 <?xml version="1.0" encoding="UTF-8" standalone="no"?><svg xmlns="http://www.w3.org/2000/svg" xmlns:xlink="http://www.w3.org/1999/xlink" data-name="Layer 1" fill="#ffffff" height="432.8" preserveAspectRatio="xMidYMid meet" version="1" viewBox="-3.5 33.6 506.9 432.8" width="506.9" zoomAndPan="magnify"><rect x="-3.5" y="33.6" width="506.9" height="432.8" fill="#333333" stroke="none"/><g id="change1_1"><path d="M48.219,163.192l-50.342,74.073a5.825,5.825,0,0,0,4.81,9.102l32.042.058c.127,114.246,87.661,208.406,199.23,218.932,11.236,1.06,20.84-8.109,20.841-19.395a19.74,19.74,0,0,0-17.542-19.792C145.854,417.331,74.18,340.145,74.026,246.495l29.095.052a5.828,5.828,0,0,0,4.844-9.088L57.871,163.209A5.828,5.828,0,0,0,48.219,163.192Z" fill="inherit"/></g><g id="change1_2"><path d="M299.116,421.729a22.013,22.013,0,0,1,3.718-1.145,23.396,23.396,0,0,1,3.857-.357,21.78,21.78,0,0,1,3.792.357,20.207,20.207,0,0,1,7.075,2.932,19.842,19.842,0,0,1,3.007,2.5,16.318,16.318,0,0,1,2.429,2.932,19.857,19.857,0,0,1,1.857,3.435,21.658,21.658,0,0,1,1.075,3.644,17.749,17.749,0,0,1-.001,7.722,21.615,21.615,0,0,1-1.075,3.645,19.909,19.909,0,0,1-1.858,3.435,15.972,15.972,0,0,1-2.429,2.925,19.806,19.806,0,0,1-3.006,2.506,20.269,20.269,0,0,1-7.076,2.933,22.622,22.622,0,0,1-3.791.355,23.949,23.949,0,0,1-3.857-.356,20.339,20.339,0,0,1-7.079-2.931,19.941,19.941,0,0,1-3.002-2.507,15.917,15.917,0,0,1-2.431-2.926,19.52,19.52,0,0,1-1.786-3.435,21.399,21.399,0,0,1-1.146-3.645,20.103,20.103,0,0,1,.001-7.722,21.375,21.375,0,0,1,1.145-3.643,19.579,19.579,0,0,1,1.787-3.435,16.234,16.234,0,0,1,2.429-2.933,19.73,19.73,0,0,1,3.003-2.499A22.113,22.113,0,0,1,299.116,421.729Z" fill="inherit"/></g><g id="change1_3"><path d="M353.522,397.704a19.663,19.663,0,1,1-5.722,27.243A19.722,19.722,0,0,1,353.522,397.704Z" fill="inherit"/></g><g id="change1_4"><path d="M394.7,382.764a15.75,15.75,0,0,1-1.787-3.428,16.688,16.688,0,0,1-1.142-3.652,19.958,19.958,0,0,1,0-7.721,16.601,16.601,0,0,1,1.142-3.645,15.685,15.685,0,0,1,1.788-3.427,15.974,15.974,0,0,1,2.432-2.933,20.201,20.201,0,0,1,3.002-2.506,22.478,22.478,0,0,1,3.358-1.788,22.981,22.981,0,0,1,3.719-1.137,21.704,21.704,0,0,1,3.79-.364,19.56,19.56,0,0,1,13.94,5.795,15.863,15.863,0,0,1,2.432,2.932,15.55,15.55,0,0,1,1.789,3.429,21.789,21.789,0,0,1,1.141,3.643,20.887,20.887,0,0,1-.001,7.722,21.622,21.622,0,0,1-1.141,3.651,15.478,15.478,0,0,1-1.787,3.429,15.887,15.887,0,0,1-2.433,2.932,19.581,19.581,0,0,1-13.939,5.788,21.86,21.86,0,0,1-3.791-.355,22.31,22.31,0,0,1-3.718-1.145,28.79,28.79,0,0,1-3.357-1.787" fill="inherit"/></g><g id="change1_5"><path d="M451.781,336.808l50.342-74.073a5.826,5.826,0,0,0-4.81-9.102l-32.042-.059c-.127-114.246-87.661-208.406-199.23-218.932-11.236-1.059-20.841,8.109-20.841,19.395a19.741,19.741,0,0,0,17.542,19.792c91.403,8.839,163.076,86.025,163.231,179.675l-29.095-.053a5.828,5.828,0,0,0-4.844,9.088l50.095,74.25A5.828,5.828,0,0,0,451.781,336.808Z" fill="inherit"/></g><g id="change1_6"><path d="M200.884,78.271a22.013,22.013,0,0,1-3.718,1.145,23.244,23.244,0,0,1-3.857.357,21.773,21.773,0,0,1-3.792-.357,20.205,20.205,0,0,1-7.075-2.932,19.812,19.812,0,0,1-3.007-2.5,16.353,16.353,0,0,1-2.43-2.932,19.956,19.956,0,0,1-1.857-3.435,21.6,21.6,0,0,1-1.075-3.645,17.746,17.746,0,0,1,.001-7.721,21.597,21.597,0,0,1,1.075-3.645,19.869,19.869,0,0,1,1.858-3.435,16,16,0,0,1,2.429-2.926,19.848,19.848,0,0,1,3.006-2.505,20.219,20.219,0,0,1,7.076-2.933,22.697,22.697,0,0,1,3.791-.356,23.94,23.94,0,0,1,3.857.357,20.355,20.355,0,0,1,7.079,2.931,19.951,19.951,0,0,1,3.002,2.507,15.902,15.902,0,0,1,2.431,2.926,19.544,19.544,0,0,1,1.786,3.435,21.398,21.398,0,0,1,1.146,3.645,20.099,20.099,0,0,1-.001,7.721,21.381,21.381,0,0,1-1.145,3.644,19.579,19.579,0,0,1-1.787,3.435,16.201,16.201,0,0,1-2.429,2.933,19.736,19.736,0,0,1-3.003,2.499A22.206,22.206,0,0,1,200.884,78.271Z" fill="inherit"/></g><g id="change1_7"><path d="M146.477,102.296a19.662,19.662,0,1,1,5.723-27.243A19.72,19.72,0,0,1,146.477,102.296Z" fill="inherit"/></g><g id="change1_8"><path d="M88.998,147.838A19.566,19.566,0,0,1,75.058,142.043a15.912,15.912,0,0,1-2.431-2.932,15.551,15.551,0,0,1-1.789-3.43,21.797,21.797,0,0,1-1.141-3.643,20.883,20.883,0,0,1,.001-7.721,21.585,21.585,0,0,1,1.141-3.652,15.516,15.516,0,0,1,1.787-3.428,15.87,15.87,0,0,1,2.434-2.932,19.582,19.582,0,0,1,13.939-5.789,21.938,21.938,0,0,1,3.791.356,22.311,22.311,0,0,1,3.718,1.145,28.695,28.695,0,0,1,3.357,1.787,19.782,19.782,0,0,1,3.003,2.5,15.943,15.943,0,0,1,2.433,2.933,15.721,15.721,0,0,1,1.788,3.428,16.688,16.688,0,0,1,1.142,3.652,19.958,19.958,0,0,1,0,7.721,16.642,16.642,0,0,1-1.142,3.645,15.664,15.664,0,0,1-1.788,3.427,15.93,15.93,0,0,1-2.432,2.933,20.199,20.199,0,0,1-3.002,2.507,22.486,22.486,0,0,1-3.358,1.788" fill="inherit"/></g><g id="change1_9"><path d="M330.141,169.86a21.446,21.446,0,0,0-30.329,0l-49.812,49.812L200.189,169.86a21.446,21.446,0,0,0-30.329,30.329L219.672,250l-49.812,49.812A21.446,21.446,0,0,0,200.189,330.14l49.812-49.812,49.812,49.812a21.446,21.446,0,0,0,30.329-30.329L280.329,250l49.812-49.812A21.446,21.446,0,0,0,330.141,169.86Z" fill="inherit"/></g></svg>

==

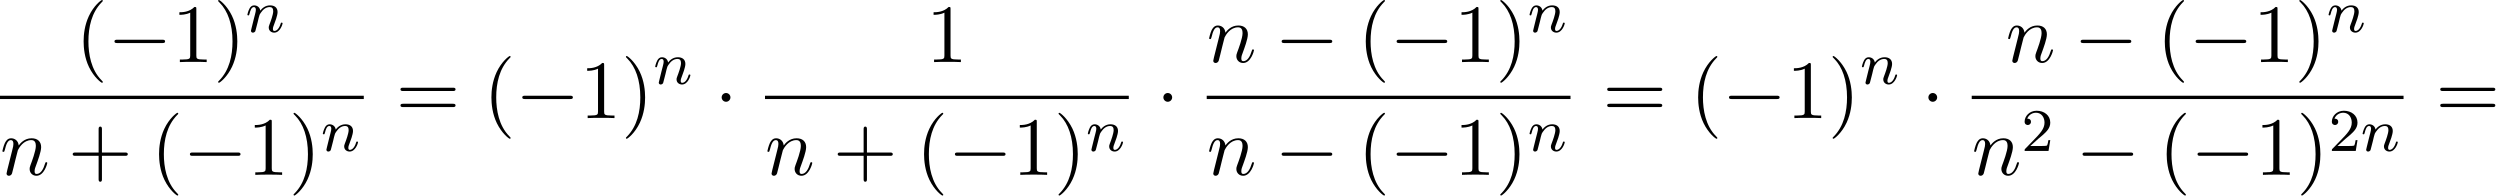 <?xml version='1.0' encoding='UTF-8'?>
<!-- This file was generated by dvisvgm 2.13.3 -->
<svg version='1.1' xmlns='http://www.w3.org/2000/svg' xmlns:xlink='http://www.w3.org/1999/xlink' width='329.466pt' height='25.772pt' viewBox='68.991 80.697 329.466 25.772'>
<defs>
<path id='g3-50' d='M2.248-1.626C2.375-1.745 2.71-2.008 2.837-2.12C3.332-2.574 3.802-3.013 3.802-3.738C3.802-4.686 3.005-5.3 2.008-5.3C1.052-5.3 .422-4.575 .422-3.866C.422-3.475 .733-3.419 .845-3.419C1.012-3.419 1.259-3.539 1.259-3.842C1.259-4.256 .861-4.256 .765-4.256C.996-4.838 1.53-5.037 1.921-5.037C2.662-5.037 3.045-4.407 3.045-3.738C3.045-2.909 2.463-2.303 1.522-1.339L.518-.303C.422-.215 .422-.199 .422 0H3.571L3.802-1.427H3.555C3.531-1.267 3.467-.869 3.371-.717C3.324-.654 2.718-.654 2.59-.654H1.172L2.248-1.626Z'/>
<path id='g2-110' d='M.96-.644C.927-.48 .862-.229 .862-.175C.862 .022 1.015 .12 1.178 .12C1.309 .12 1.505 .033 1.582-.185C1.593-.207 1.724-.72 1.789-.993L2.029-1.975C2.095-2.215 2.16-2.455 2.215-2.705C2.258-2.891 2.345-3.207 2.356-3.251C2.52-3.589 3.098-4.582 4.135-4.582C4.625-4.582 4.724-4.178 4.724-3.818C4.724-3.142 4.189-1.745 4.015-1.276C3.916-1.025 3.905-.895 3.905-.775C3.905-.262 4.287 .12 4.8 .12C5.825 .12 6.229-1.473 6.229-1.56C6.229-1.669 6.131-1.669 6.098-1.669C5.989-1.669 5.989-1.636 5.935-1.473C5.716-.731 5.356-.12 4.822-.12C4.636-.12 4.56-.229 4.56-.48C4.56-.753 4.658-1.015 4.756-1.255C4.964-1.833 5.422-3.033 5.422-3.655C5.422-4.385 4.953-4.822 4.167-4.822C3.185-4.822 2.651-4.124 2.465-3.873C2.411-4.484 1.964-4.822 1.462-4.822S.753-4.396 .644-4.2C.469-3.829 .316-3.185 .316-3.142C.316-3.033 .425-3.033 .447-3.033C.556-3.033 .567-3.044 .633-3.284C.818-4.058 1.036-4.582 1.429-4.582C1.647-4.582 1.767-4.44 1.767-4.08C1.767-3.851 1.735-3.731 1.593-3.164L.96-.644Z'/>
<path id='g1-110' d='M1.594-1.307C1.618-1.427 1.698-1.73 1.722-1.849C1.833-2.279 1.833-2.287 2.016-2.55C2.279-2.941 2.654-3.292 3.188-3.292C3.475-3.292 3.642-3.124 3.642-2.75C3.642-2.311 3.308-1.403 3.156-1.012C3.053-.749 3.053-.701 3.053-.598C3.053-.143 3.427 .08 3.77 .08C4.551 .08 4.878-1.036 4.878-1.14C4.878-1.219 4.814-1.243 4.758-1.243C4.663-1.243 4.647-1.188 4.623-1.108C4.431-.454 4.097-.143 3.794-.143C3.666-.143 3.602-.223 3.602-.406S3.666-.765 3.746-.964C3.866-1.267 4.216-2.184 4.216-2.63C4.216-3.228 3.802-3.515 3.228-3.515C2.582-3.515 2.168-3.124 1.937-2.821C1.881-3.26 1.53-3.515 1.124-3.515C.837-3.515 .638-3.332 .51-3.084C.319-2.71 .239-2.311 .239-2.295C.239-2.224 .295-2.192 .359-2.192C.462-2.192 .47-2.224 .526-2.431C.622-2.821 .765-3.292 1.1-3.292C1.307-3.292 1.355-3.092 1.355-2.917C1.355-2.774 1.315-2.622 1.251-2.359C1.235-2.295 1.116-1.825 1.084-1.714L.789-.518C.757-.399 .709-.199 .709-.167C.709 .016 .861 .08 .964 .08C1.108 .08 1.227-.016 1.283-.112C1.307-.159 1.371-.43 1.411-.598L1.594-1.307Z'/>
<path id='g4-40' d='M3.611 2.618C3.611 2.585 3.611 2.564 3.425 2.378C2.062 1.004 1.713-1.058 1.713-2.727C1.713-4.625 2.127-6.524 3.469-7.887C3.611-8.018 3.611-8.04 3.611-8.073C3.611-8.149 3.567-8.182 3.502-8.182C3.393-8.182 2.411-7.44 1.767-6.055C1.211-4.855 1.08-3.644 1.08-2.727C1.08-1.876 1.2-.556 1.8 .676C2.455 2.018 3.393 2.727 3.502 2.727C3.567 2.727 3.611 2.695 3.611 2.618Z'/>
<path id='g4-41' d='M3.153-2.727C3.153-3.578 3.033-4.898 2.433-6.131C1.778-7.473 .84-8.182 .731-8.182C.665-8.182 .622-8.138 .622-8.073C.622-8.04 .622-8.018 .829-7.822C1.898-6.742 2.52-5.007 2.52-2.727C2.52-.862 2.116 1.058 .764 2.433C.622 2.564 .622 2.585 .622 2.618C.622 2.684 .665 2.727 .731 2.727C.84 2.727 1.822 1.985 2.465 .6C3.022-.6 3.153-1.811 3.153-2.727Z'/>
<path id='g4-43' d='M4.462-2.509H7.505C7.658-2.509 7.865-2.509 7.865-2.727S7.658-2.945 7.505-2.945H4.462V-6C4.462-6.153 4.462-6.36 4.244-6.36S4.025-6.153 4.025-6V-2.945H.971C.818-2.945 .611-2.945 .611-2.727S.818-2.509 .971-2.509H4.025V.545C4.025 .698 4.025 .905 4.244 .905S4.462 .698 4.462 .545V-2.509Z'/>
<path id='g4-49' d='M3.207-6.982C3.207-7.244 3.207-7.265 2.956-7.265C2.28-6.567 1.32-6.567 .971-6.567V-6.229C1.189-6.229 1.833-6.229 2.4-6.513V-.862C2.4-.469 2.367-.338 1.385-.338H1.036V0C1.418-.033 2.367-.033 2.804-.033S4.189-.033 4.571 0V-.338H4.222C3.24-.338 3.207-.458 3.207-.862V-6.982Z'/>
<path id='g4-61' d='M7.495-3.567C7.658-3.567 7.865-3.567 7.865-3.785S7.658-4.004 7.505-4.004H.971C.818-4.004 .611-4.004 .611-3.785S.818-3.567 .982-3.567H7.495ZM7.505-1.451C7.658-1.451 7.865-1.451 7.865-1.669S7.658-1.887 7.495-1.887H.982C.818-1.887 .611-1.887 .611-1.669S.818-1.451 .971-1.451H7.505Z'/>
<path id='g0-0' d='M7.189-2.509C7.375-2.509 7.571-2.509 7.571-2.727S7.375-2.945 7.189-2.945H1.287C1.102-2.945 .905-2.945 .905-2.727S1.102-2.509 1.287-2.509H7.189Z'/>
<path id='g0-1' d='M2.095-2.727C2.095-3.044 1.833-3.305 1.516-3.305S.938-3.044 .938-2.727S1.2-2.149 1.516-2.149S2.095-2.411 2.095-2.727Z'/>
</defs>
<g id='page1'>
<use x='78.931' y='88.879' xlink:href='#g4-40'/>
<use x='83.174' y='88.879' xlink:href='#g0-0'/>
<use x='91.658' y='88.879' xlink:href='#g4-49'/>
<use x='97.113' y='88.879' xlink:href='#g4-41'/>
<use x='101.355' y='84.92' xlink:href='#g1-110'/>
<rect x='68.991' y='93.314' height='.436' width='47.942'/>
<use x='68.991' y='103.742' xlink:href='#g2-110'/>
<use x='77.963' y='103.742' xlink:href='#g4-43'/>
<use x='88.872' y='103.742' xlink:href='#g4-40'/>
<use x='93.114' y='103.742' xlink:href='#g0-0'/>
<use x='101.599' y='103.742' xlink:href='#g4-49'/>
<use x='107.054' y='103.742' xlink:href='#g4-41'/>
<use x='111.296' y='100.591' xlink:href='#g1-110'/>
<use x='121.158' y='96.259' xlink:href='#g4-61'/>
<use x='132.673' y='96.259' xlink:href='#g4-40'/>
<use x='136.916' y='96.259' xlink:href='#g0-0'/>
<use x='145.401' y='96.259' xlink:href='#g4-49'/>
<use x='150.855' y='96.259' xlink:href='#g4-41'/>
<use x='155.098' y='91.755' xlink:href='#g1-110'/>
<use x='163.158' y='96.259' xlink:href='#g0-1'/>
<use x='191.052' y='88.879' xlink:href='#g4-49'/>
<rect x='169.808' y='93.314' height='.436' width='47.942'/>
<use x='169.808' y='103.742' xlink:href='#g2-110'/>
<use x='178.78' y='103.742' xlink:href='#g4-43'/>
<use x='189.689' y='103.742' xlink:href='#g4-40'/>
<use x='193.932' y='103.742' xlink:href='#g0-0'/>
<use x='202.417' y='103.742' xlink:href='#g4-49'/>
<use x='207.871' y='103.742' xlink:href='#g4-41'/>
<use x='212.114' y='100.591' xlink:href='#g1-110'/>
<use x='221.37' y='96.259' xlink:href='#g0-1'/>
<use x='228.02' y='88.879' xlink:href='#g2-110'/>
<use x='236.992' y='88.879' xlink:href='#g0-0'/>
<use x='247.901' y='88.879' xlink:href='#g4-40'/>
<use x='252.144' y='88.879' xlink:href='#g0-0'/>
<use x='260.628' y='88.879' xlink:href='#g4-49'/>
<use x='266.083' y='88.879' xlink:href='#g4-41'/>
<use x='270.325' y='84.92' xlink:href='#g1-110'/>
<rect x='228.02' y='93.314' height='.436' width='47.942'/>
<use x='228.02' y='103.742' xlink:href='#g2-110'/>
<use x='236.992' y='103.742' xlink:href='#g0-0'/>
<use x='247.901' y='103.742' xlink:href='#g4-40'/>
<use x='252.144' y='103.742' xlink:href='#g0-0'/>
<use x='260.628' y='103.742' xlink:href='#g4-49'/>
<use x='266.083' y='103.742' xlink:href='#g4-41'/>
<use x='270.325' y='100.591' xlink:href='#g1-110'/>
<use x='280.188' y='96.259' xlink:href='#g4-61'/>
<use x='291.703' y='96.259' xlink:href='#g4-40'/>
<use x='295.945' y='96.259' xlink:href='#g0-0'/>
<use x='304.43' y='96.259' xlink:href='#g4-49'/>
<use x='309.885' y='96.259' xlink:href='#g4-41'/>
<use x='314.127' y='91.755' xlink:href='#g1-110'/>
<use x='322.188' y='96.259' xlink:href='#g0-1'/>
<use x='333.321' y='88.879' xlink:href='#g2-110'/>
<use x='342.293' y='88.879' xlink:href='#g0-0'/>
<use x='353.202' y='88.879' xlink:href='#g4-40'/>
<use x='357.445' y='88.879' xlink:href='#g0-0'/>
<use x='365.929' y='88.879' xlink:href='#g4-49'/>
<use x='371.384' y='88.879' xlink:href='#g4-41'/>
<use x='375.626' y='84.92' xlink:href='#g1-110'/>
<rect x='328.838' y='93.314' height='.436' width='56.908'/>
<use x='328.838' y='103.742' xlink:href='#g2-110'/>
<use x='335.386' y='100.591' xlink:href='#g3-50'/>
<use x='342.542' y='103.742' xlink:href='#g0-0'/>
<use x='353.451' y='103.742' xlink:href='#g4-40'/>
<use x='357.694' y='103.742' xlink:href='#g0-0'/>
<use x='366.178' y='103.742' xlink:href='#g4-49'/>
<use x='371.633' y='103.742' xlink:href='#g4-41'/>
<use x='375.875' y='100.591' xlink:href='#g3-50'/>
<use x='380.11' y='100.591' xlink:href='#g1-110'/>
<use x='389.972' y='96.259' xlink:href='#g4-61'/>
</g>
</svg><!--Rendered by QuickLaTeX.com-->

Your goal
Using the entries above, return exactly the lines from the line with "<use x='357.694' y='103.742'" to the line with "</svg><!--Rendered by QuickLaTeX.com-->", counting both of those lines.

Result below
<use x='357.694' y='103.742' xlink:href='#g0-0'/>
<use x='366.178' y='103.742' xlink:href='#g4-49'/>
<use x='371.633' y='103.742' xlink:href='#g4-41'/>
<use x='375.875' y='100.591' xlink:href='#g3-50'/>
<use x='380.11' y='100.591' xlink:href='#g1-110'/>
<use x='389.972' y='96.259' xlink:href='#g4-61'/>
</g>
</svg><!--Rendered by QuickLaTeX.com-->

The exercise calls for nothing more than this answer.